• _Entries provided_
----
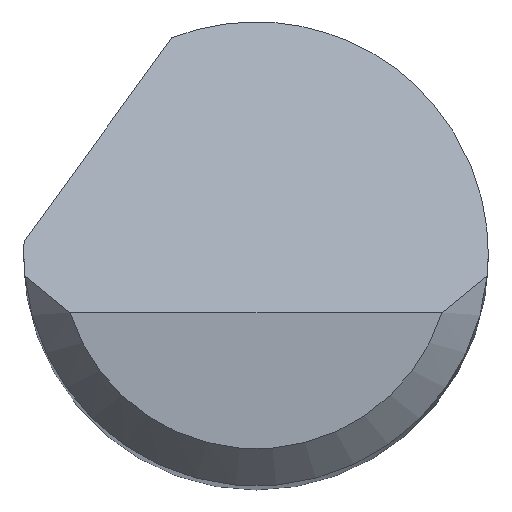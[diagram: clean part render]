
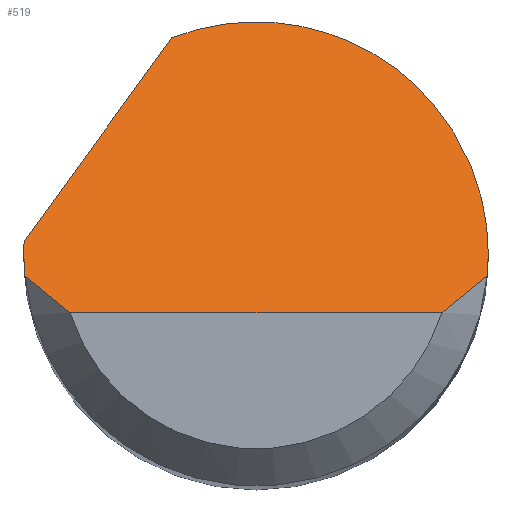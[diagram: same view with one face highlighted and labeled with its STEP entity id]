
A CAD part, top view. The second image highlights one B-rep face of the part: STEP entity #519.
In plain terms, the highlighted planar face has unit normal (0, 0.707, 0.707).
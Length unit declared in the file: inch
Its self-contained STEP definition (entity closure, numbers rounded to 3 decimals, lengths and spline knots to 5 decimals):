
#16 = CARTESIAN_POINT ( 'NONE',  ( 0.03379, 0.11369, 1.36256 ) ) ;
#17 = CARTESIAN_POINT ( 'NONE',  ( 0.08157, -0.019, 1.49525 ) ) ;
#36 = VERTEX_POINT ( 'NONE', #318 ) ;
#55 =( BOUNDED_CURVE ( )  B_SPLINE_CURVE ( 3, ( #408, #459, #241, #381 ),
 .UNSPECIFIED., .F., .T. ) 
 B_SPLINE_CURVE_WITH_KNOTS ( ( 4, 4 ),
 ( 4.61892, 4.71239 ),
 .UNSPECIFIED. ) 
 CURVE ( )  GEOMETRIC_REPRESENTATION_ITEM ( )  RATIONAL_B_SPLINE_CURVE ( ( 1., 0.999, 0.999, 1. ) ) 
 REPRESENTATION_ITEM ( '' )  );
#71 = VECTOR ( 'NONE', #196, 39.37008 ) ;
#75 = ORIENTED_EDGE ( 'NONE', *, *, #256, .T. ) ;
#82 = VECTOR ( 'NONE', #475, 39.37008 ) ;
#83 = EDGE_CURVE ( 'NONE', #451, #497, #637, .T. ) ;
#84 = CARTESIAN_POINT ( 'NONE',  ( 0., -0.02375, 1.5 ) ) ;
#87 = CARTESIAN_POINT ( 'NONE',  ( -0.03394, 0.08739, 1.38886 ) ) ;
#97 = VERTEX_POINT ( 'NONE', #371 ) ;
#99 = CARTESIAN_POINT ( 'NONE',  ( -0.07508, -0.02375, 1.5 ) ) ;
#100 = VERTEX_POINT ( 'NONE', #577 ) ;
#121 =( BOUNDED_CURVE ( )  B_SPLINE_CURVE ( 3, ( #456, #16, #647, #171 ),
 .UNSPECIFIED., .F., .T. ) 
 B_SPLINE_CURVE_WITH_KNOTS ( ( 4, 4 ),
 ( 5.91277, 7.85398 ),
 .UNSPECIFIED. ) 
 CURVE ( )  GEOMETRIC_REPRESENTATION_ITEM ( )  RATIONAL_B_SPLINE_CURVE ( ( 1., 0.71, 0.71, 1. ) ) 
 REPRESENTATION_ITEM ( '' )  );
#142 = CARTESIAN_POINT ( 'NONE',  ( -0.08761, -0.01397, 1.49022 ) ) ;
#161 = CARTESIAN_POINT ( 'NONE',  ( -0.09362, 0.005, 1.47125 ) ) ;
#168 =( BOUNDED_CURVE ( )  B_SPLINE_CURVE ( 3, ( #339, #594, #328, #608 ),
 .UNSPECIFIED., .F., .T. ) 
 B_SPLINE_CURVE_WITH_KNOTS ( ( 4, 4 ),
 ( 4.71239, 4.76575 ),
 .UNSPECIFIED. ) 
 CURVE ( )  GEOMETRIC_REPRESENTATION_ITEM ( )  RATIONAL_B_SPLINE_CURVE ( ( 1., 1., 1., 1. ) ) 
 REPRESENTATION_ITEM ( '' )  );
#171 = CARTESIAN_POINT ( 'NONE',  ( 0.09375, 0., 1.47625 ) ) ;
#173 = CARTESIAN_POINT ( 'NONE',  ( 0.08761, -0.01397, 1.49022 ) ) ;
#174 = EDGE_CURVE ( 'NONE', #264, #451, #168, .T. ) ;
#183 = EDGE_CURVE ( 'NONE', #36, #97, #588, .T. ) ;
#196 = DIRECTION ( 'NONE',  ( 1., 0., 0. ) ) ;
#197 = ORIENTED_EDGE ( 'NONE', *, *, #520, .F. ) ;
#201 = EDGE_LOOP ( 'NONE', ( #625, #610, #661, #458, #603, #469, #197, #75 ) ) ;
#222 = PLANE ( 'NONE',  #369 ) ;
#233 = EDGE_CURVE ( 'NONE', #337, #36, #342, .T. ) ;
#241 = CARTESIAN_POINT ( 'NONE',  ( -0.09375, -0.00292, 1.47917 ) ) ;
#248 = FACE_OUTER_BOUND ( 'NONE', #201, .T. ) ;
#253 = B_SPLINE_CURVE_WITH_KNOTS ( 'NONE', 3,
 ( #362, #142, #574, #416 ),
 .UNSPECIFIED., .F., .F.,
 ( 4, 4 ),
 ( 0., 0.00071 ),
 .UNSPECIFIED. ) ;
#256 = EDGE_CURVE ( 'NONE', #100, #337, #253, .T. ) ;
#257 = CARTESIAN_POINT ( 'NONE',  ( 0.09375, -0.00292, 1.47917 ) ) ;
#258 = VERTEX_POINT ( 'NONE', #569 ) ;
#264 = VERTEX_POINT ( 'NONE', #352 ) ;
#296 = CARTESIAN_POINT ( 'NONE',  ( 0.09334, -0.00875, 1.485 ) ) ;
#299 = DIRECTION ( 'NONE',  ( 0., -0.707, -0.707 ) ) ;
#310 = CARTESIAN_POINT ( 'NONE',  ( 0.09375, 0., 1.47625 ) ) ;
#318 = CARTESIAN_POINT ( 'NONE',  ( 0.07508, -0.02375, 1.5 ) ) ;
#324 = EDGE_CURVE ( 'NONE', #258, #97, #593, .T. ) ;
#328 = CARTESIAN_POINT ( 'NONE',  ( -0.09371, 0.00333, 1.47292 ) ) ;
#337 = VERTEX_POINT ( 'NONE', #99 ) ;
#339 = CARTESIAN_POINT ( 'NONE',  ( -0.09375, 0., 1.47625 ) ) ;
#342 = LINE ( 'NONE', #84, #71 ) ;
#345 = DIRECTION ( 'NONE',  ( 0., 0.707, -0.707 ) ) ;
#352 = CARTESIAN_POINT ( 'NONE',  ( -0.09375, 0., 1.47625 ) ) ;
#357 = CARTESIAN_POINT ( 'NONE',  ( 0.09334, -0.00875, 1.485 ) ) ;
#362 = CARTESIAN_POINT ( 'NONE',  ( -0.09334, -0.00875, 1.485 ) ) ;
#365 = CARTESIAN_POINT ( 'NONE',  ( -0.11014, -0.01781, 1.49406 ) ) ;
#369 = AXIS2_PLACEMENT_3D ( 'NONE', #672, #299, #345 ) ;
#371 = CARTESIAN_POINT ( 'NONE',  ( 0.09334, -0.00875, 1.485 ) ) ;
#381 = CARTESIAN_POINT ( 'NONE',  ( -0.09375, 0., 1.47625 ) ) ;
#408 = CARTESIAN_POINT ( 'NONE',  ( -0.09334, -0.00875, 1.485 ) ) ;
#416 = CARTESIAN_POINT ( 'NONE',  ( -0.07508, -0.02375, 1.5 ) ) ;
#451 = VERTEX_POINT ( 'NONE', #161 ) ;
#456 = CARTESIAN_POINT ( 'NONE',  ( -0.03394, 0.08739, 1.38886 ) ) ;
#458 = ORIENTED_EDGE ( 'NONE', *, *, #556, .F. ) ;
#459 = CARTESIAN_POINT ( 'NONE',  ( -0.09361, -0.00584, 1.48209 ) ) ;
#467 = CARTESIAN_POINT ( 'NONE',  ( 0.09361, -0.00584, 1.48209 ) ) ;
#469 = ORIENTED_EDGE ( 'NONE', *, *, #174, .F. ) ;
#475 = DIRECTION ( 'NONE',  ( 0.456, 0.629, -0.629 ) ) ;
#497 = VERTEX_POINT ( 'NONE', #87 ) ;
#519 = ADVANCED_FACE ( 'NONE', ( #248 ), #222, .F. ) ;
#520 = EDGE_CURVE ( 'NONE', #100, #264, #55, .T. ) ;
#541 = CARTESIAN_POINT ( 'NONE',  ( 0.07508, -0.02375, 1.5 ) ) ;
#556 = EDGE_CURVE ( 'NONE', #497, #258, #121, .T. ) ;
#569 = CARTESIAN_POINT ( 'NONE',  ( 0.09375, 0., 1.47625 ) ) ;
#574 = CARTESIAN_POINT ( 'NONE',  ( -0.08157, -0.019, 1.49525 ) ) ;
#577 = CARTESIAN_POINT ( 'NONE',  ( -0.09334, -0.00875, 1.485 ) ) ;
#588 = B_SPLINE_CURVE_WITH_KNOTS ( 'NONE', 3,
 ( #541, #17, #173, #296 ),
 .UNSPECIFIED., .F., .F.,
 ( 4, 4 ),
 ( 0., 0.00071 ),
 .UNSPECIFIED. ) ;
#593 =( BOUNDED_CURVE ( )  B_SPLINE_CURVE ( 3, ( #310, #257, #467, #357 ),
 .UNSPECIFIED., .F., .T. ) 
 B_SPLINE_CURVE_WITH_KNOTS ( ( 4, 4 ),
 ( 1.5708, 1.66427 ),
 .UNSPECIFIED. ) 
 CURVE ( )  GEOMETRIC_REPRESENTATION_ITEM ( )  RATIONAL_B_SPLINE_CURVE ( ( 1., 0.999, 0.999, 1. ) ) 
 REPRESENTATION_ITEM ( '' )  );
#594 = CARTESIAN_POINT ( 'NONE',  ( -0.09375, 0.00167, 1.47458 ) ) ;
#603 = ORIENTED_EDGE ( 'NONE', *, *, #83, .F. ) ;
#608 = CARTESIAN_POINT ( 'NONE',  ( -0.09362, 0.005, 1.47125 ) ) ;
#610 = ORIENTED_EDGE ( 'NONE', *, *, #183, .T. ) ;
#625 = ORIENTED_EDGE ( 'NONE', *, *, #233, .T. ) ;
#637 = LINE ( 'NONE', #365, #82 ) ;
#647 = CARTESIAN_POINT ( 'NONE',  ( 0.09375, 0.07266, 1.40359 ) ) ;
#661 = ORIENTED_EDGE ( 'NONE', *, *, #324, .F. ) ;
#672 = CARTESIAN_POINT ( 'NONE',  ( -0.09375, -0.02375, 1.5 ) ) ;
----
• _Problem to solve_
Transcribe the lines above between the line holding "#408 = CARTESIAN_POINT" and the line holding "#556 = EDGE_CURVE", inclusive, exactly as they stand and with nothing added.

• _Output of the exercise_
#408 = CARTESIAN_POINT ( 'NONE',  ( -0.09334, -0.00875, 1.485 ) ) ;
#416 = CARTESIAN_POINT ( 'NONE',  ( -0.07508, -0.02375, 1.5 ) ) ;
#451 = VERTEX_POINT ( 'NONE', #161 ) ;
#456 = CARTESIAN_POINT ( 'NONE',  ( -0.03394, 0.08739, 1.38886 ) ) ;
#458 = ORIENTED_EDGE ( 'NONE', *, *, #556, .F. ) ;
#459 = CARTESIAN_POINT ( 'NONE',  ( -0.09361, -0.00584, 1.48209 ) ) ;
#467 = CARTESIAN_POINT ( 'NONE',  ( 0.09361, -0.00584, 1.48209 ) ) ;
#469 = ORIENTED_EDGE ( 'NONE', *, *, #174, .F. ) ;
#475 = DIRECTION ( 'NONE',  ( 0.456, 0.629, -0.629 ) ) ;
#497 = VERTEX_POINT ( 'NONE', #87 ) ;
#519 = ADVANCED_FACE ( 'NONE', ( #248 ), #222, .F. ) ;
#520 = EDGE_CURVE ( 'NONE', #100, #264, #55, .T. ) ;
#541 = CARTESIAN_POINT ( 'NONE',  ( 0.07508, -0.02375, 1.5 ) ) ;
#556 = EDGE_CURVE ( 'NONE', #497, #258, #121, .T. ) ;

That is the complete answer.